In R, several options exist for serde operations

# Text formats

Advantage is text formats, is the ease of conversion and ubiquity of tools across every platform and programming language.

So a text based serde can be read/written by almost all applications easily.

The downside is, metadata cannot easily be stored in text format so this data sometimes is not recreated during deserialization (however there are some methods to overcome this problem).

Another downside is, text formats can hold more space than binary formats.

## base writeLines, readLines

writeLines and readLines writes and reads objects as is, without any further conversionİ

In [None]:
set.seed(1000)
charvec <- sample(letters, 100, replace = T)

In [None]:
charvec %>% head

In [None]:
writeLines(charvec, "~/databb/temp/charvec")

In [None]:
charvec2 <- readLines("~/databb/temp/charvec")

In [None]:
charvec2 %>% head

In [None]:
identical(charvec, charvec2)

Of course metadata is not kept with this simple method

## read_file from readr

readr package has its own versions to serialize/deserialize many text or binary formats, including, csv, excel and rds.

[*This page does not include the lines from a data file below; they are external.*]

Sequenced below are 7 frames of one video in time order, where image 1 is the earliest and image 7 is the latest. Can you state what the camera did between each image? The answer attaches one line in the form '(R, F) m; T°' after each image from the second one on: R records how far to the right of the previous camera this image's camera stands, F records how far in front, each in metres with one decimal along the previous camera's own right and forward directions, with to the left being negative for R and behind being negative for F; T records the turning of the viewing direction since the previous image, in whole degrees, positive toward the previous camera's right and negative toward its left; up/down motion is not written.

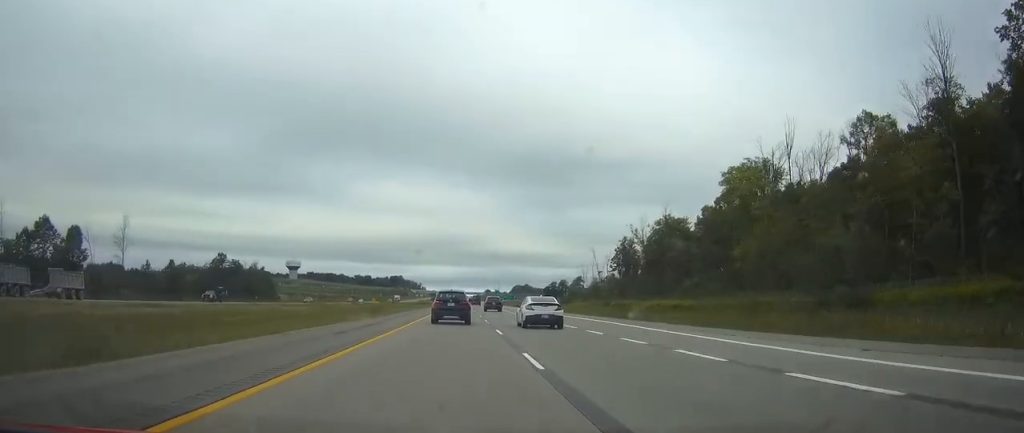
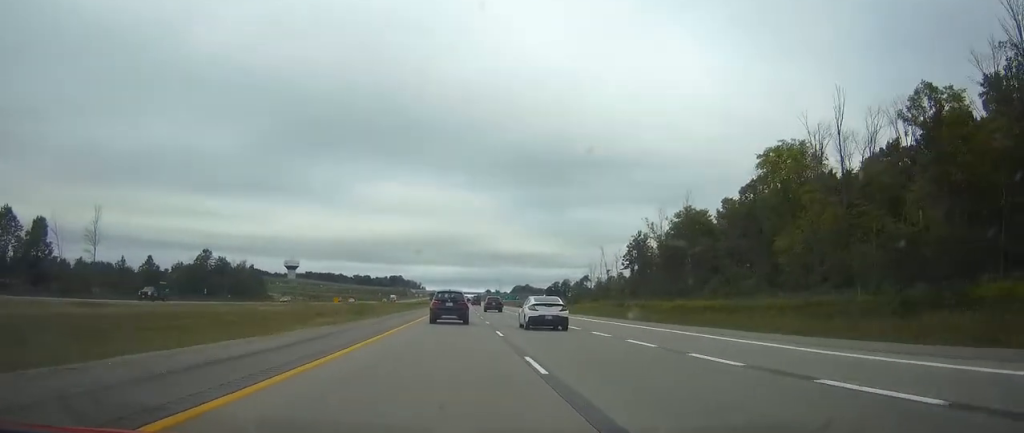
(0.0, +13.2) m; 0°
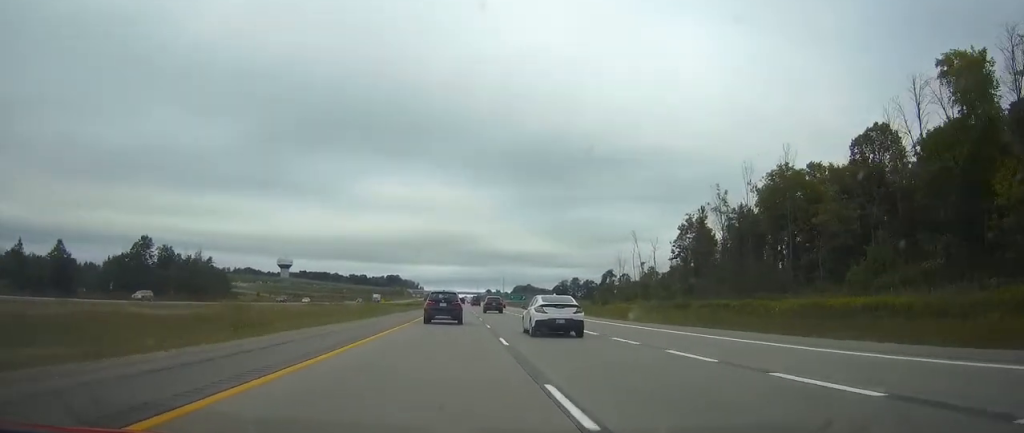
(-0.1, +41.0) m; 0°
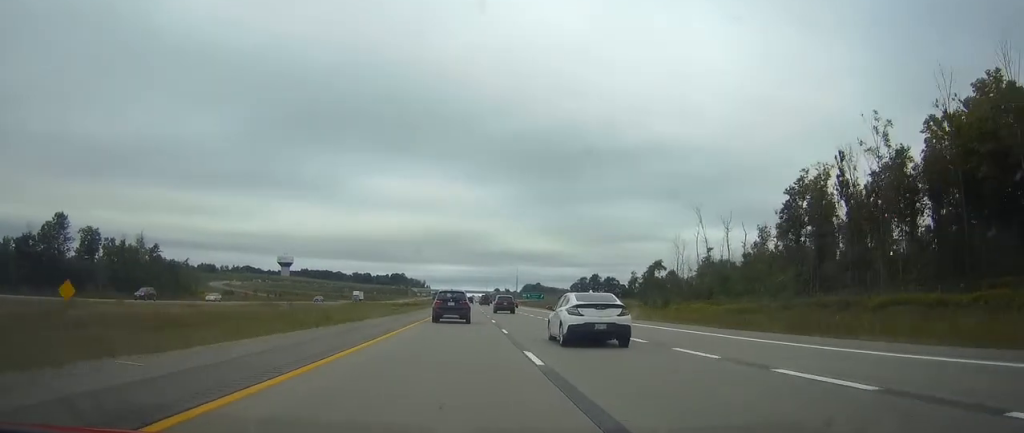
(-0.1, +42.2) m; 0°
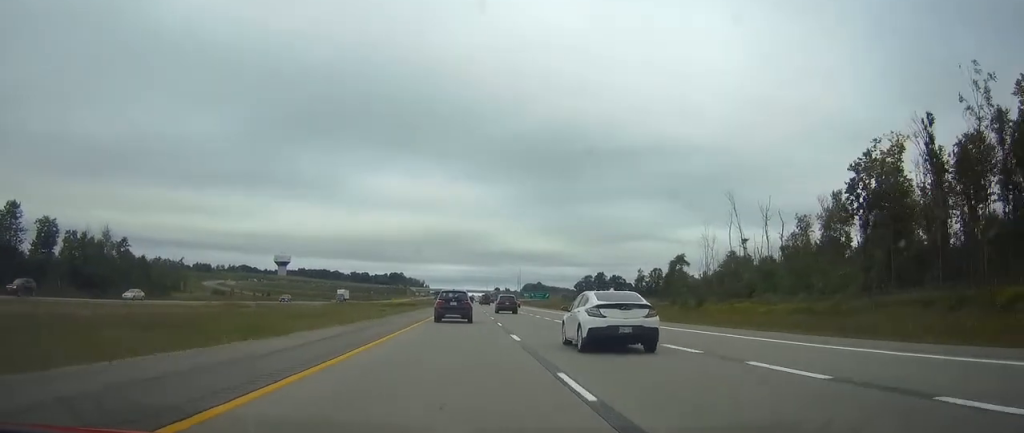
(0.0, +16.7) m; 0°
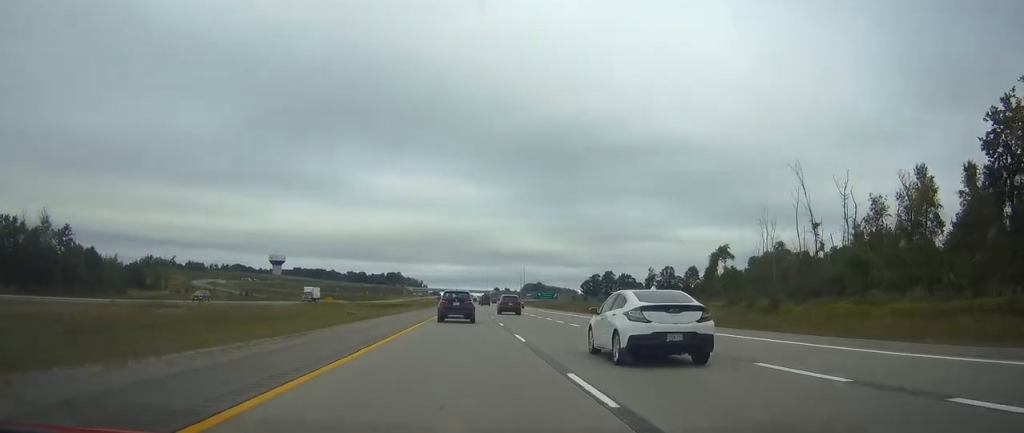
(0.0, +24.5) m; 0°
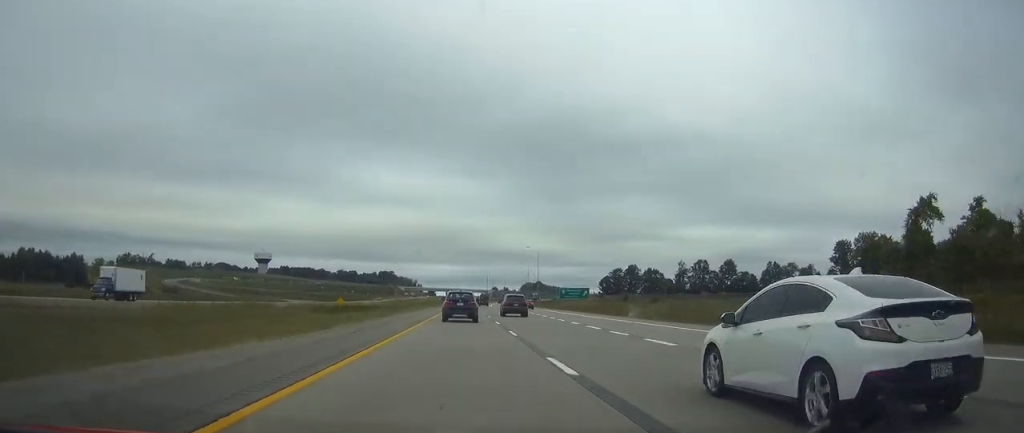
(+0.3, +57.8) m; 0°

In contrast with readLines, which reads each line into a separate vector value, read_file concatenates all lines into a single character value:

In [None]:
charvec3 <- read_file("~/databb/temp/charvec")

In [None]:
charvec3

This is identical to collapsing the original vector with newline and appending a trailing newline at the end:

In [None]:
charvec %>% paste(collapse="\n") %>% paste("\n", sep = "") %>% identical(charvec3)

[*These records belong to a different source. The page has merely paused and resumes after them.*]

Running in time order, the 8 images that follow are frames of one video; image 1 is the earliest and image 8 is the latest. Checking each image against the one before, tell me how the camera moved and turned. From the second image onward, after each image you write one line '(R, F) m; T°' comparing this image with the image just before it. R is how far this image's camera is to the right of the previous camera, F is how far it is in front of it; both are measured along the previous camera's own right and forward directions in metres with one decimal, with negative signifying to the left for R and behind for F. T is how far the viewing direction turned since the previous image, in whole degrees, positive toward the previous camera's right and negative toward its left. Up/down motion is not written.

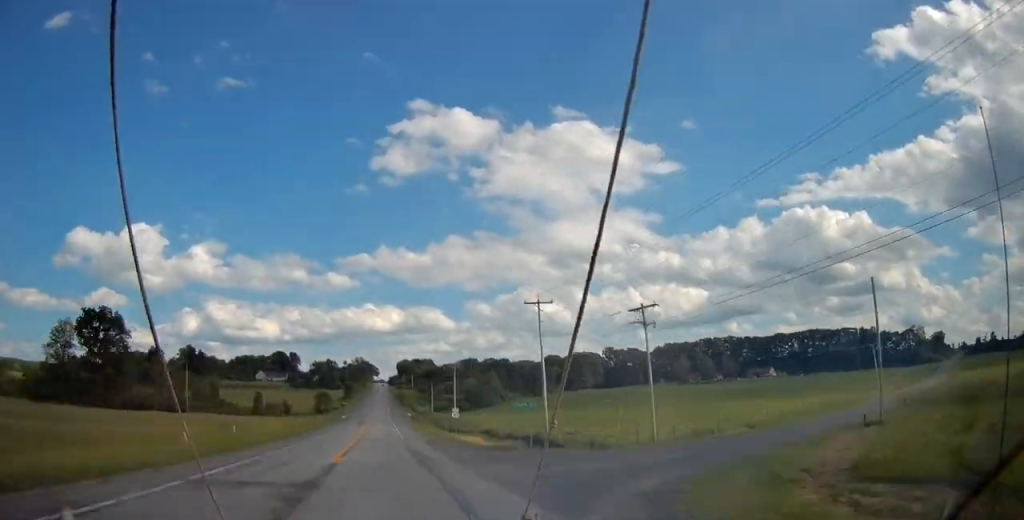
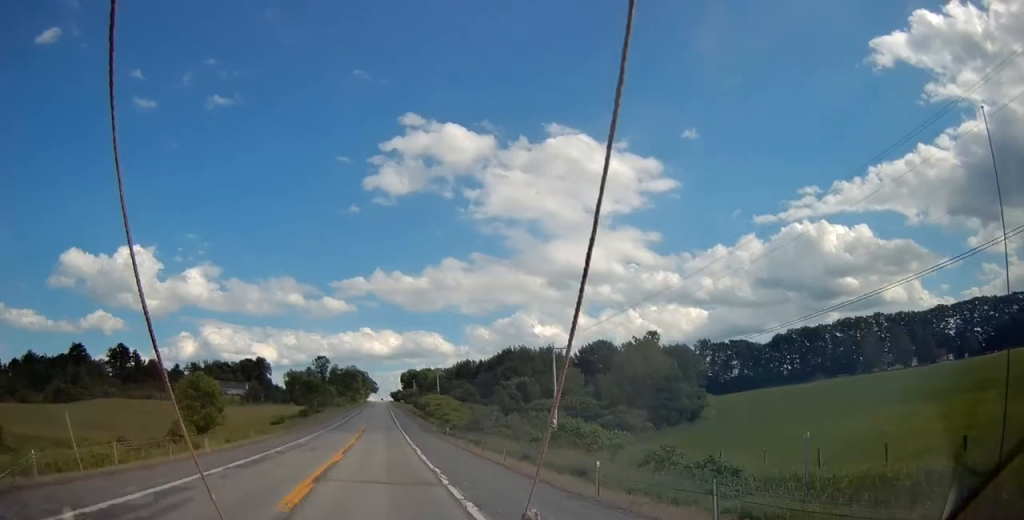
(+0.5, +130.5) m; 0°
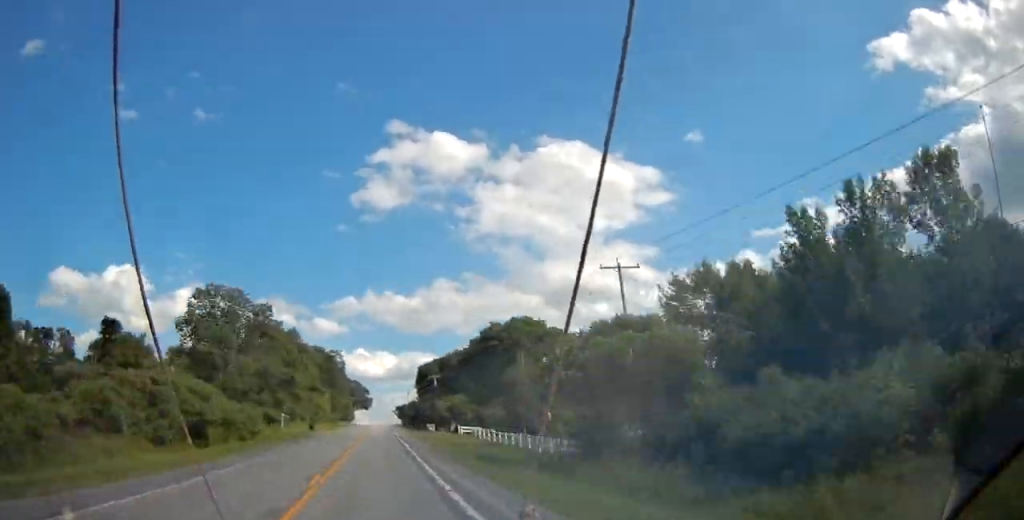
(-0.6, +208.5) m; 0°
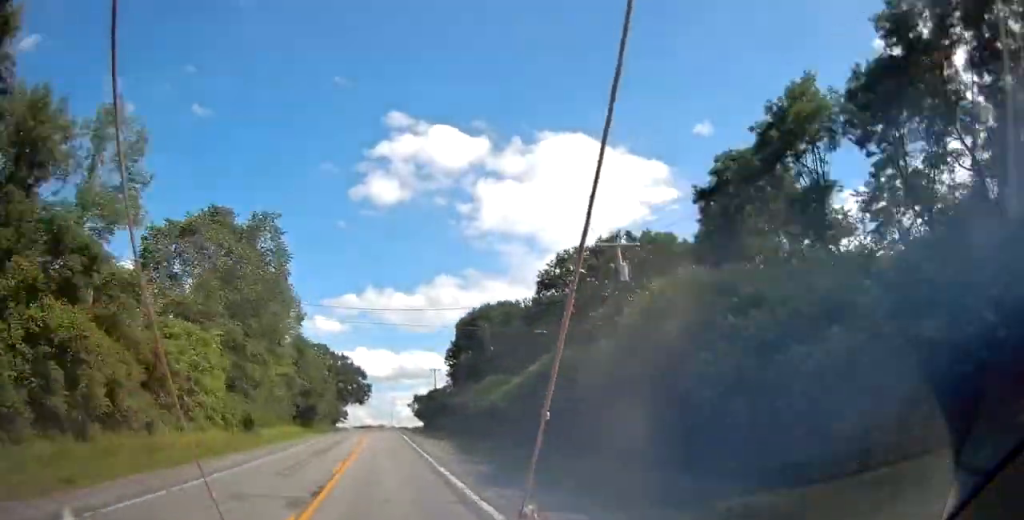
(-0.1, +90.9) m; -1°
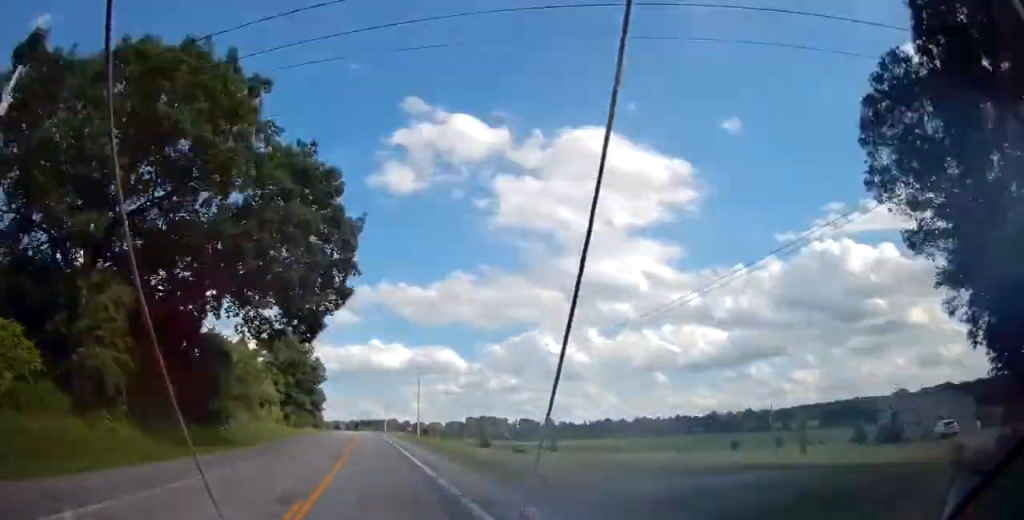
(-1.1, +115.4) m; -2°
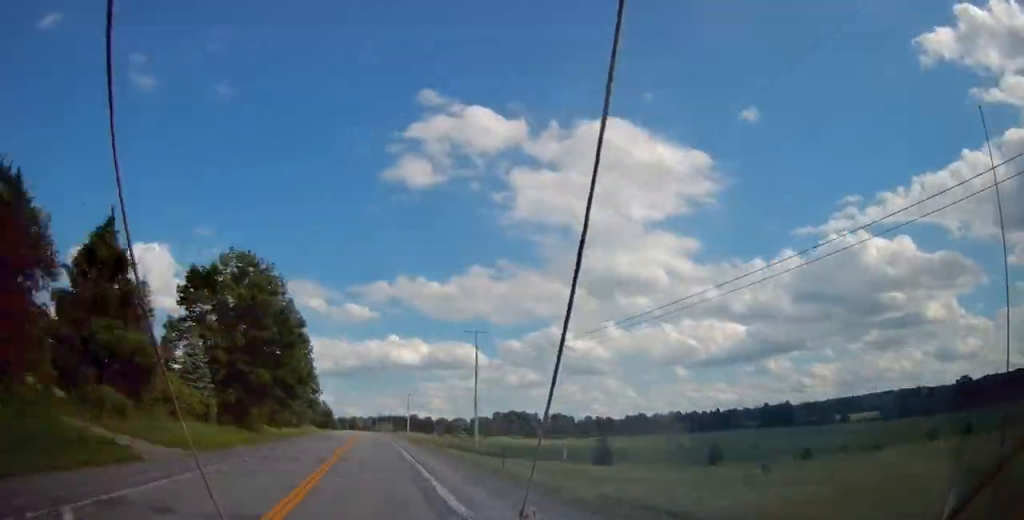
(+0.3, +46.6) m; -1°
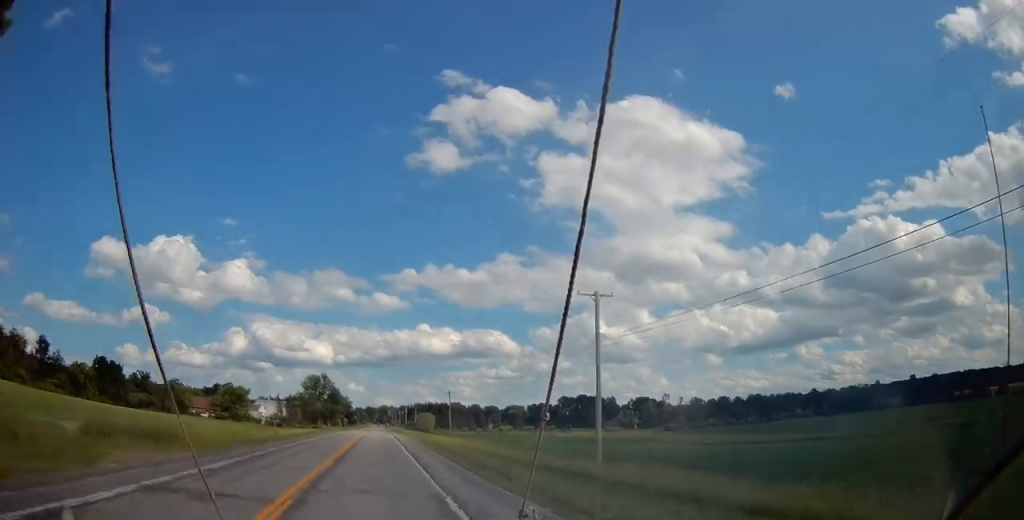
(-3.7, +118.0) m; -2°
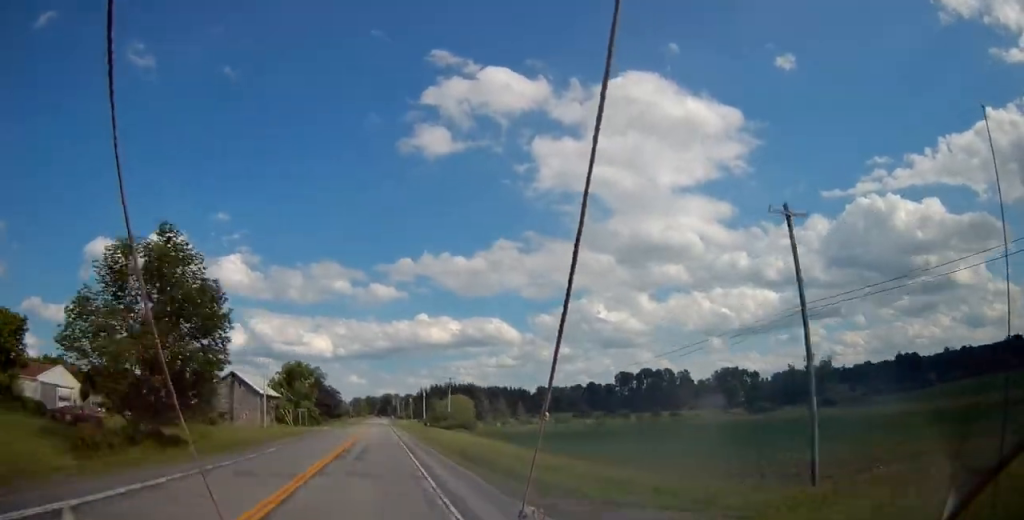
(-0.3, +111.1) m; 0°

## base write/read into/from csv/tsv

The easiest way is the base functions read.table, read.csv, read.delim, write.table

In [None]:
iris1 <- iris

In [None]:
iris1 %>% write.csv("~/databb/temp/iris1.csv", row.names = F)

In [None]:
iris2 <- read.csv("~/databb/temp/iris1.csv")

While serde in text format can recreate the numeric types, the format cannot preserve the metadata of factor columns, so factor attributes are lost.

In [None]:
iris2

While stringsAsFactors option can control the behaviour for reading character columns, alphanumeric order is taken for levels and it is not guaranteed to preserve the original level order.

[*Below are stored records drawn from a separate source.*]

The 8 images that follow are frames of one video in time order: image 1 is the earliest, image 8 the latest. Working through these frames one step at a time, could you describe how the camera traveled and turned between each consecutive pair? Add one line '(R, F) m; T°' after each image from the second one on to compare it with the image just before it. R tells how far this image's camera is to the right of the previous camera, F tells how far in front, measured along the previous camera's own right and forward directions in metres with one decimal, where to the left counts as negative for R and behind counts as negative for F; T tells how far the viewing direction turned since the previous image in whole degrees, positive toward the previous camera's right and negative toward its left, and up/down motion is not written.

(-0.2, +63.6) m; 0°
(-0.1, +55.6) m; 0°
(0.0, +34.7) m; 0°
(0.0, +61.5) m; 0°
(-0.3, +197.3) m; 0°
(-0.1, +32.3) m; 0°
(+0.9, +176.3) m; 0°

## fread/fwrite from data.table

The advantage of `fread` and `fwrite` is parallel read/write of very large objects from/into disk

The current number of threads used is retrieved by:

In [None]:
getDTthreads()

The thread number can be increased:

In [None]:
setDTthreads(getDTthreads() + 2)

In [None]:
getDTthreads()

In [None]:
iris1 %>% fwrite("~/databb/temp/iris2.csv", row.names = F)

In [None]:
iris3 <- fread("~/databb/temp/iris2.csv")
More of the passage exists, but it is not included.